> Exercise
The reply should hold every line of the data below, unchanged, and none of the pictures.

> Records provided

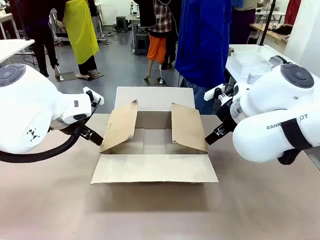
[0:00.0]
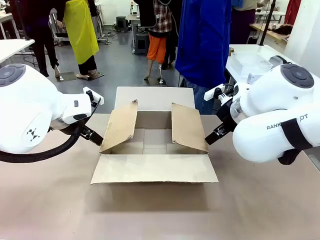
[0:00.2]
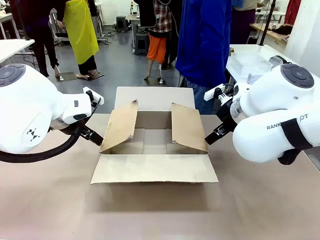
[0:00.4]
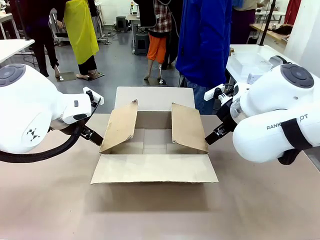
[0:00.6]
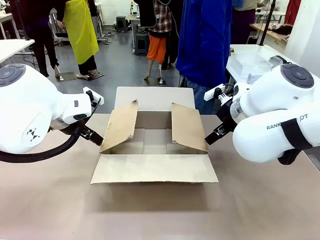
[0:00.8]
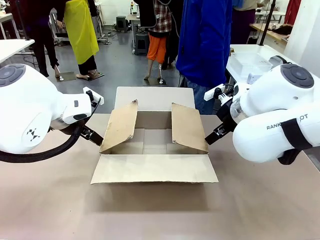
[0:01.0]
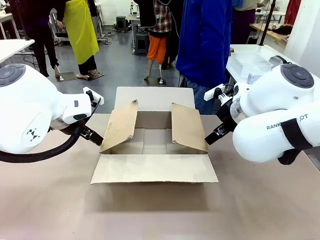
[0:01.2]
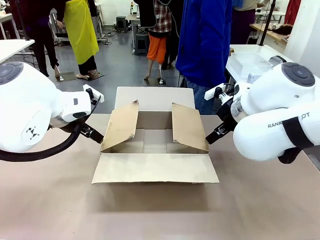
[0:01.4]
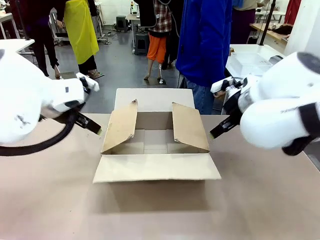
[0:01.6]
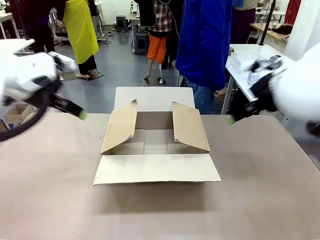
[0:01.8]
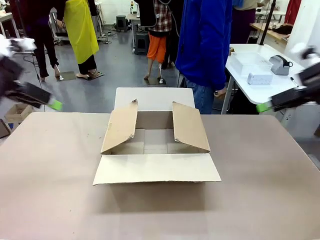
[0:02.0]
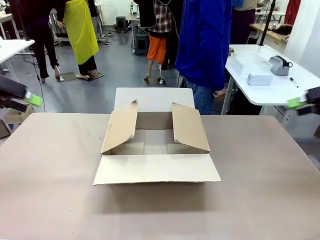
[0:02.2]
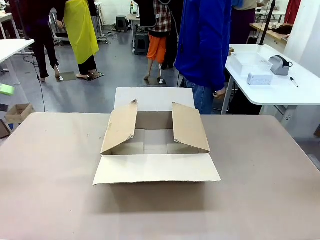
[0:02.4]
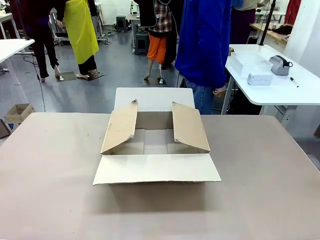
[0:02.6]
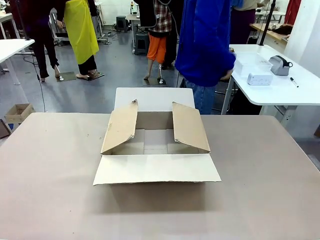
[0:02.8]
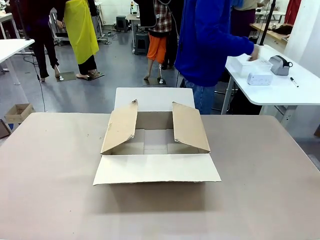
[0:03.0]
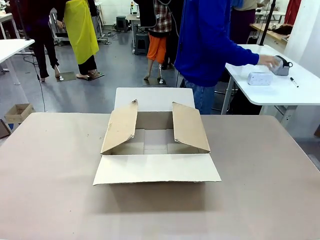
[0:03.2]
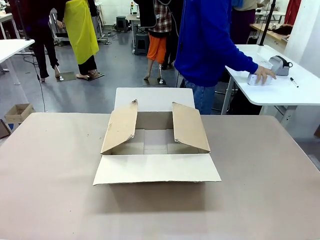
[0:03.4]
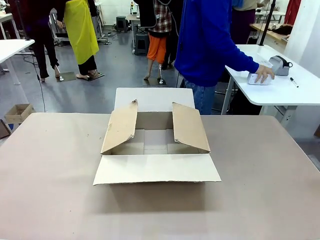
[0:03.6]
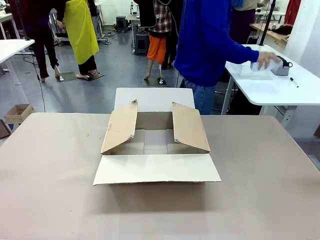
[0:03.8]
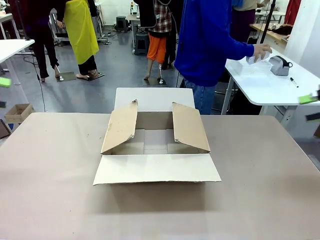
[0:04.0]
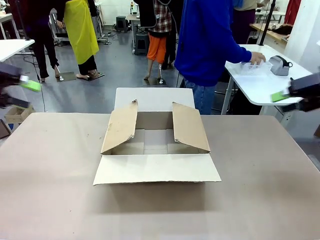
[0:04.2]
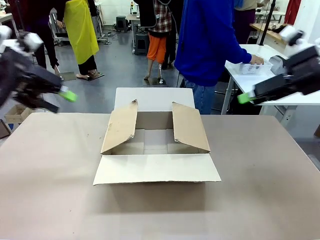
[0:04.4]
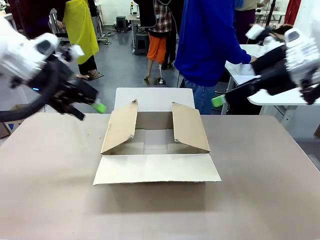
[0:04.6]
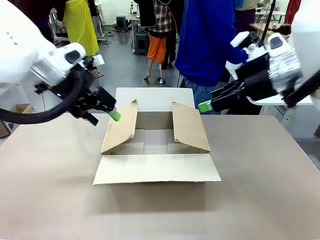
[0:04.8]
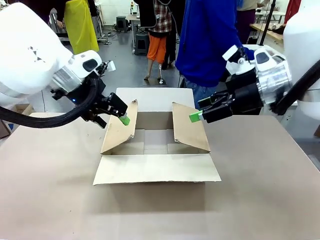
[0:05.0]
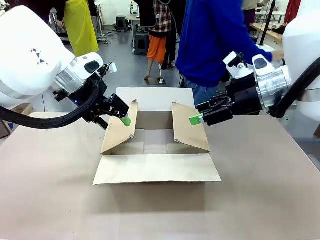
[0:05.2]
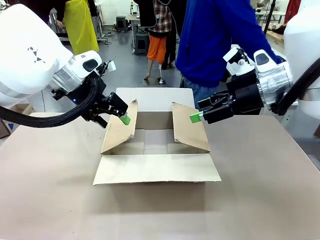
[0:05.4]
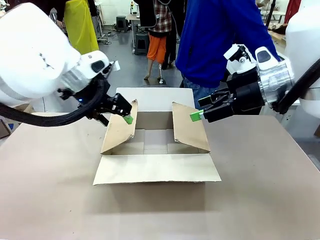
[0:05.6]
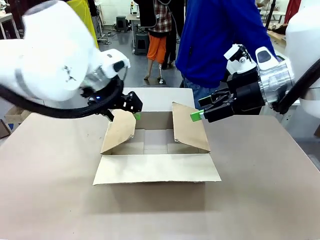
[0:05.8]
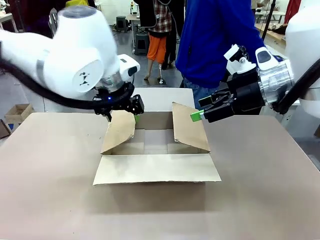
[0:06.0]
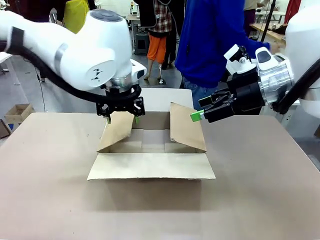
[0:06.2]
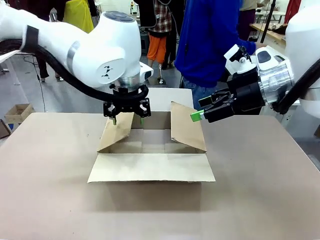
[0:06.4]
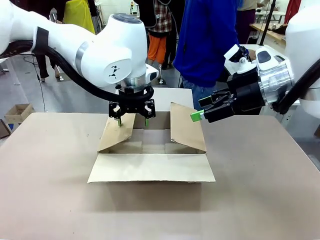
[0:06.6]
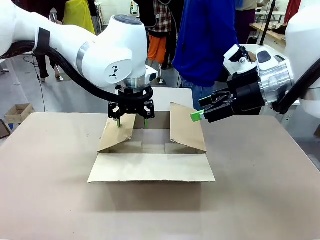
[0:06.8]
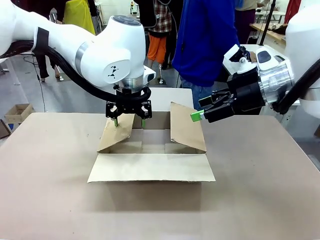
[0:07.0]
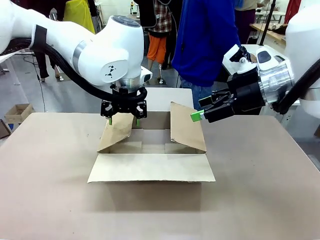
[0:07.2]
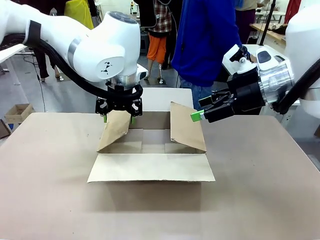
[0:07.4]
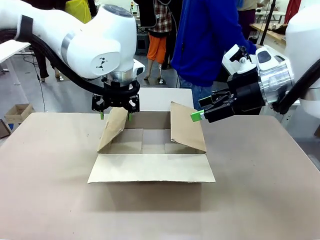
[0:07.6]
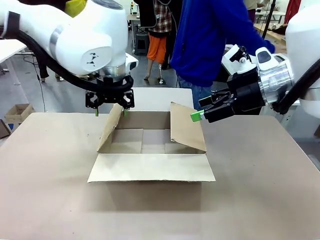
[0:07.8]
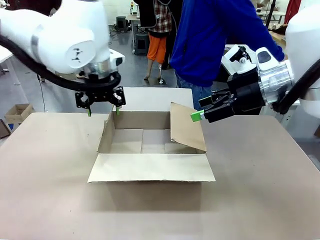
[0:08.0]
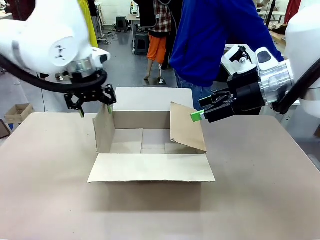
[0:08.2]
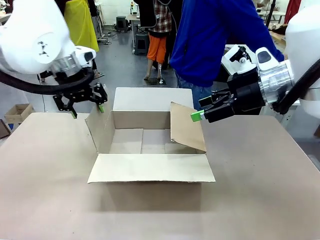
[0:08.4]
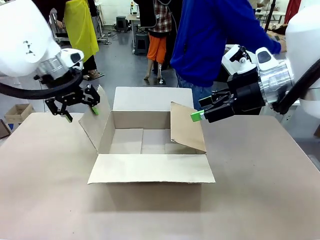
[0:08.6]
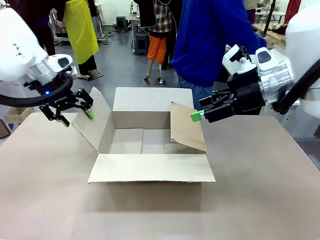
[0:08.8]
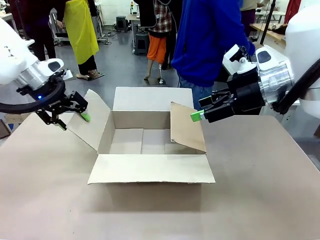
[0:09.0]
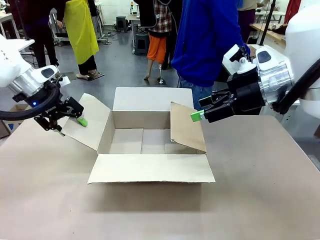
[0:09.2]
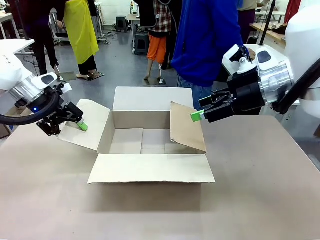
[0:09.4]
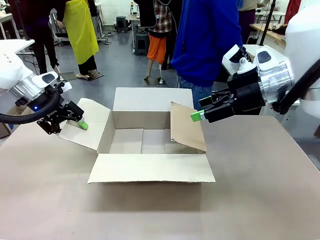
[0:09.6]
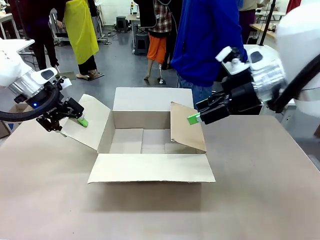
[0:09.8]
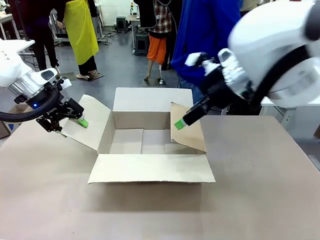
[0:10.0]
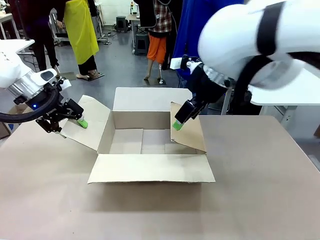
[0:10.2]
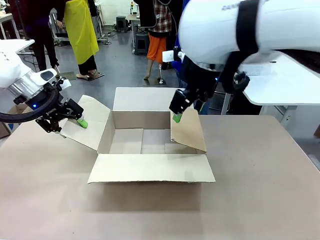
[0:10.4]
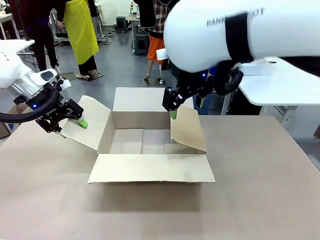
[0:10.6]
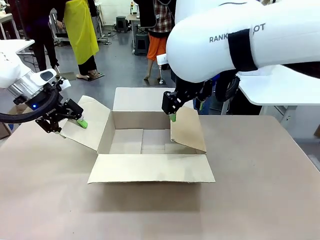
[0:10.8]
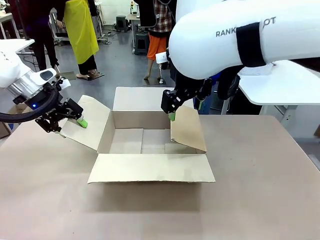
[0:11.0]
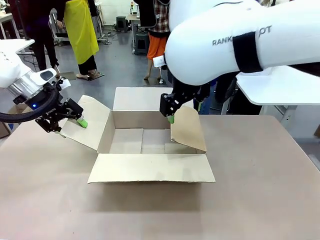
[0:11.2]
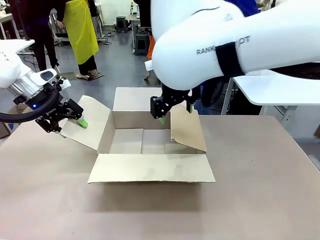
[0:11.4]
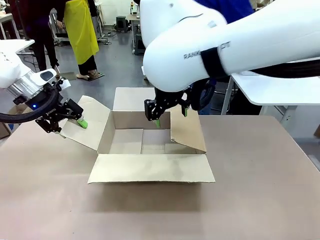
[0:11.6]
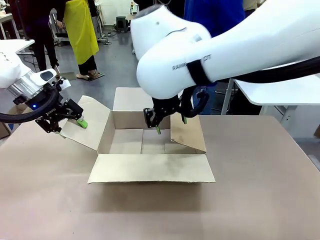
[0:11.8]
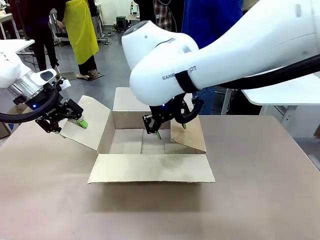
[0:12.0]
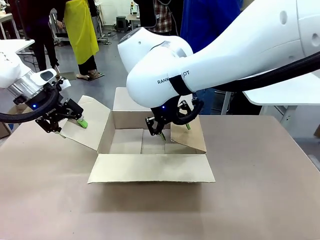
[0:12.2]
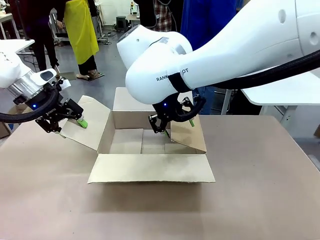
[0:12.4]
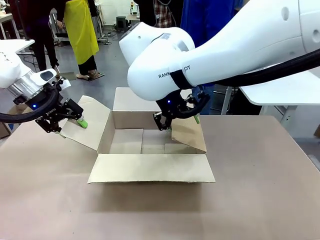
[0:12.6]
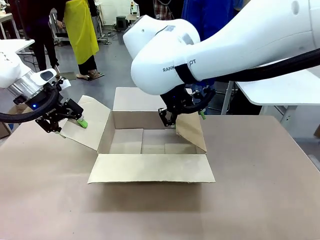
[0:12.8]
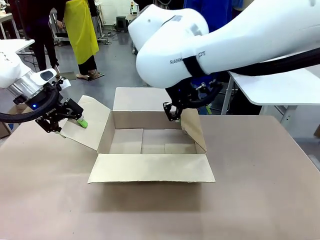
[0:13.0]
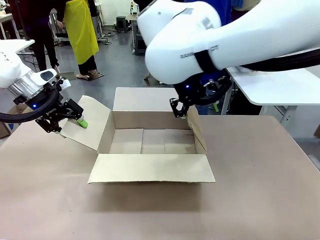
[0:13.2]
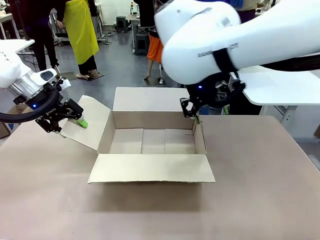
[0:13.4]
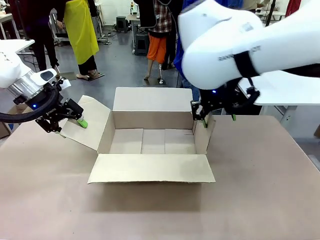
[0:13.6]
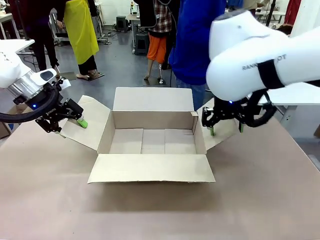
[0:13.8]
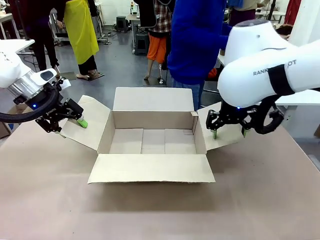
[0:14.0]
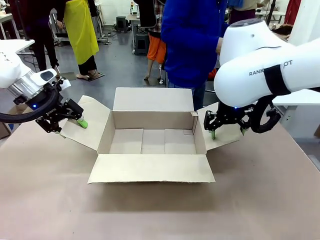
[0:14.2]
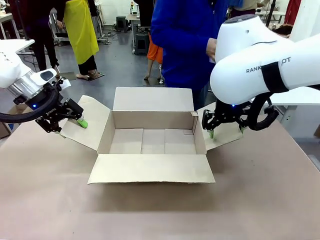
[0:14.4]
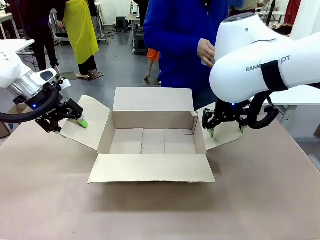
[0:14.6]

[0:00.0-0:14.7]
Task: Pack the gift set into the box.
Robot: Place both hands on the side flaps of the Package Box and spread them outward.
Person: The human places all items except the paper tape into the organizing basket.

> Response
[0:00.0]
[0:00.2]
[0:00.4]
[0:00.6]
[0:00.8]
[0:01.0]
[0:01.2]
[0:01.4]
[0:01.6]
[0:01.8]
[0:02.0]
[0:02.2]
[0:02.4]
[0:02.6]
[0:02.8]
[0:03.0]
[0:03.2]
[0:03.4]
[0:03.6]
[0:03.8]
[0:04.0]
[0:04.2]
[0:04.4]
[0:04.6]
[0:04.8]
[0:05.0]
[0:05.2]
[0:05.4]
[0:05.6]
[0:05.8]
[0:06.0]
[0:06.2]
[0:06.4]
[0:06.6]
[0:06.8]
[0:07.0]
[0:07.2]
[0:07.4]
[0:07.6]
[0:07.8]
[0:08.0]
[0:08.2]
[0:08.4]
[0:08.6]
[0:08.8]
[0:09.0]
[0:09.2]
[0:09.4]
[0:09.6]
[0:09.8]
[0:10.0]
[0:10.2]
[0:10.4]
[0:10.6]
[0:10.8]
[0:11.0]
[0:11.2]
[0:11.4]
[0:11.6]
[0:11.8]
[0:12.0]
[0:12.2]
[0:12.4]
[0:12.6]
[0:12.8]
[0:13.0]
[0:13.2]
[0:13.4]
[0:13.6]
[0:13.8]
[0:14.0]
[0:14.2]
[0:14.4]
[0:14.6]

[0:00.0-0:14.7]
Task: Pack the gift set into the box.
Robot: Place both hands on the side flaps of the Package Box and spread them outward.
Person: The human places all items except the paper tape into the organizing basket.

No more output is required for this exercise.